§ **What the task asks**: The full listing is to be returned exactly as given, but without pictures.

§ **Data supplied**:
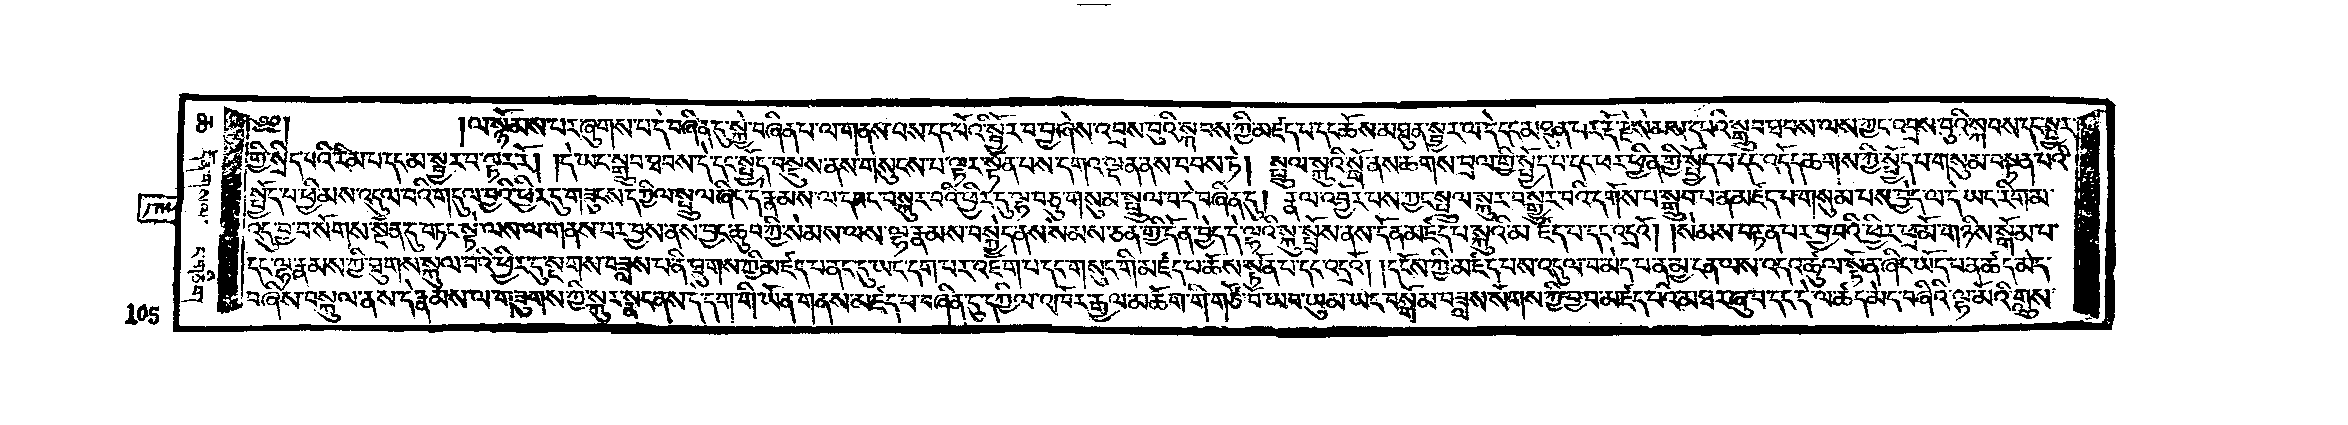༄༅། །ལ་སྙོམས་པར་ཞུགས་པ་དེ་བཞིན་དུ་སྐྱེ་བཞིན་པ་ལ་གནས་པས་དང་པོའི་སྦྱོར་བ་བྱ་ཞེས་འབྲས་བུའི་སྐབས་ཀྱི་མཛད་པ་དང་ཆོས་མཐུན་སྦྱར་ལ་དེ་དང་མཐུན་པར་རྡོ་རྗེ་སེམས་དཔའི་སྒྲུབ་ཐབས་ལས་ཀྱང་འབྲས་བུའི་སྐབས་དང་སྦྱར་
གྱི་སྲིད་པའི་རིམ་པ་དང་མ་སྦྱར་བ་ལྟར་རོ། །དེ་ཡང་སྒྲུབ་ཐབས་དེ་དང་སྤྱོད་བསྡུས་ནས་གསུངས་པ་ལྟར་སྟོན་པས་དགའ་ལྡན་ནས་བབས་ཏེ། སྤྲུལ་སྐུའི་སྒོ་ནས་ཆགས་བྲལ་གྱི་སྤྱོད་པ་དང་ཕར་ཕྱིན་གྱི་སྤྱོད་པ་དང་འདོད་ཆགས་ཀྱི་སྤྱོད་པ་གསུམ་བསྟན་པའི་
སྤྱོད་པ་ཕྱི་མས་འདུལ་བའི་གདུལ་བྱའི་ཕྱིར་དུ་གཟུངས་དཀྱིལ་སྤྲུལ་ཞིང་དེ་རྣམས་ལ་དབང་བསྐུར་བའི་ཕྱིར་དུ་ལྷ་བཅུ་གསུམ་སྤྲུལ་བ་དེ་བཞིན་དུ། རྣལ་འབྱོར་པས་ཀྱང་སྤྲུལ་སྐུར་བསྒྱུར་བའི་དགོས་པ་སྒྲུབ་པ་ན་མཛད་པ་གསུམ་པས་བྱེད་ལ་དེ་ཡང་རིག་མ་
འདུ་བྱ་བ་སོགས་སྔོན་དུ་བཏང་སྟེ་ལས་ལ་གནས་པར་བྱས་ནས་བྱང་ཆུབ་ཀྱི་སེམས་ལས་ལྷ་རྣམས་བསྐྱེད་ནས་སེམས་ཅན་གྱི་དོན་བྱེད་དེ་ལྷའི་སྐུ་སྤྲོས་ནས་དོན་མཛད་པ་སྐུའི་མཛད་པ་དང་འདྲའོ། །སེམས་བརྟན་པར་བྱ་བའི་ཕྱིར་ཕྲ་མོ་གཉིས་སྒོམ་པ་
དང་ལྷ་རྣམས་ཀྱི་ཐུགས་སྐུལ་བའི་ཕྱིར་དུ་སྔགས་བཟླས་པ་ནི་ཐུགས་ཀྱི་མཛད་པ་ནང་དུ་ཡང་དག་པར་འཇོག་པ་དང་གསུང་གི་མཛད་པ་ཆོས་སྟོན་པ་དང་འདྲའོ། །དངོས་ཀྱི་མཛད་པས་འདུལ་བ་མེད་པ་ན་མྱ་ངན་ལས་འདའ་ཚུལ་སྟོན་ཞིང་ཡོད་པ་ན་ཚད་མེད་
བཞིས་བསྐུལ་ནས་དེ་རྣམས་ལ་གཟུགས་ཀྱི་སྐུར་སྣང་ནས་དེ་དག་གི་ཡོན་གནས་མཛད་པ་བཞིན་དུ་དཀྱིལ་འཁོར་རྒྱལ་མཆོག་གི་གཙོ་བོ་ཡབ་ཡུམ་ཡང་བསྒོམ་བཟླས་སོགས་ཀྱི་བྱ་བ་མཛད་པའི་མཐར་ཞུ་བ་དང་དེ་ལ་ཚད་མེད་བཞིའི་ལྷ་མོའི་གླུས་

§ **Answer box**:
༄༅། །ལ་སྙོམས་པར་ཞུགས་པ་དེ་བཞིན་དུ་སྐྱེ་བཞིན་པ་ལ་གནས་པས་དང་པོའི་སྦྱོར་བ་བྱ་ཞེས་འབྲས་བུའི་སྐབས་ཀྱི་མཛད་པ་དང་ཆོས་མཐུན་སྦྱར་ལ་དེ་དང་མཐུན་པར་རྡོ་རྗེ་སེམས་དཔའི་སྒྲུབ་ཐབས་ལས་ཀྱང་འབྲས་བུའི་སྐབས་དང་སྦྱར་
གྱི་སྲིད་པའི་རིམ་པ་དང་མ་སྦྱར་བ་ལྟར་རོ། །དེ་ཡང་སྒྲུབ་ཐབས་དེ་དང་སྤྱོད་བསྡུས་ནས་གསུངས་པ་ལྟར་སྟོན་པས་དགའ་ལྡན་ནས་བབས་ཏེ། སྤྲུལ་སྐུའི་སྒོ་ནས་ཆགས་བྲལ་གྱི་སྤྱོད་པ་དང་ཕར་ཕྱིན་གྱི་སྤྱོད་པ་དང་འདོད་ཆགས་ཀྱི་སྤྱོད་པ་གསུམ་བསྟན་པའི་
སྤྱོད་པ་ཕྱི་མས་འདུལ་བའི་གདུལ་བྱའི་ཕྱིར་དུ་གཟུངས་དཀྱིལ་སྤྲུལ་ཞིང་དེ་རྣམས་ལ་དབང་བསྐུར་བའི་ཕྱིར་དུ་ལྷ་བཅུ་གསུམ་སྤྲུལ་བ་དེ་བཞིན་དུ། རྣལ་འབྱོར་པས་ཀྱང་སྤྲུལ་སྐུར་བསྒྱུར་བའི་དགོས་པ་སྒྲུབ་པ་ན་མཛད་པ་གསུམ་པས་བྱེད་ལ་དེ་ཡང་རིག་མ་
འདུ་བྱ་བ་སོགས་སྔོན་དུ་བཏང་སྟེ་ལས་ལ་གནས་པར་བྱས་ནས་བྱང་ཆུབ་ཀྱི་སེམས་ལས་ལྷ་རྣམས་བསྐྱེད་ནས་སེམས་ཅན་གྱི་དོན་བྱེད་དེ་ལྷའི་སྐུ་སྤྲོས་ནས་དོན་མཛད་པ་སྐུའི་མཛད་པ་དང་འདྲའོ། །སེམས་བརྟན་པར་བྱ་བའི་ཕྱིར་ཕྲ་མོ་གཉིས་སྒོམ་པ་
དང་ལྷ་རྣམས་ཀྱི་ཐུགས་སྐུལ་བའི་ཕྱིར་དུ་སྔགས་བཟླས་པ་ནི་ཐུགས་ཀྱི་མཛད་པ་ནང་དུ་ཡང་དག་པར་འཇོག་པ་དང་གསུང་གི་མཛད་པ་ཆོས་སྟོན་པ་དང་འདྲའོ། །དངོས་ཀྱི་མཛད་པས་འདུལ་བ་མེད་པ་ན་མྱ་ངན་ལས་འདའ་ཚུལ་སྟོན་ཞིང་ཡོད་པ་ན་ཚད་མེད་
བཞིས་བསྐུལ་ནས་དེ་རྣམས་ལ་གཟུགས་ཀྱི་སྐུར་སྣང་ནས་དེ་དག་གི་ཡོན་གནས་མཛད་པ་བཞིན་དུ་དཀྱིལ་འཁོར་རྒྱལ་མཆོག་གི་གཙོ་བོ་ཡབ་ཡུམ་ཡང་བསྒོམ་བཟླས་སོགས་ཀྱི་བྱ་བ་མཛད་པའི་མཐར་ཞུ་བ་དང་དེ་ལ་ཚད་མེད་བཞིའི་ལྷ་མོའི་གླུས་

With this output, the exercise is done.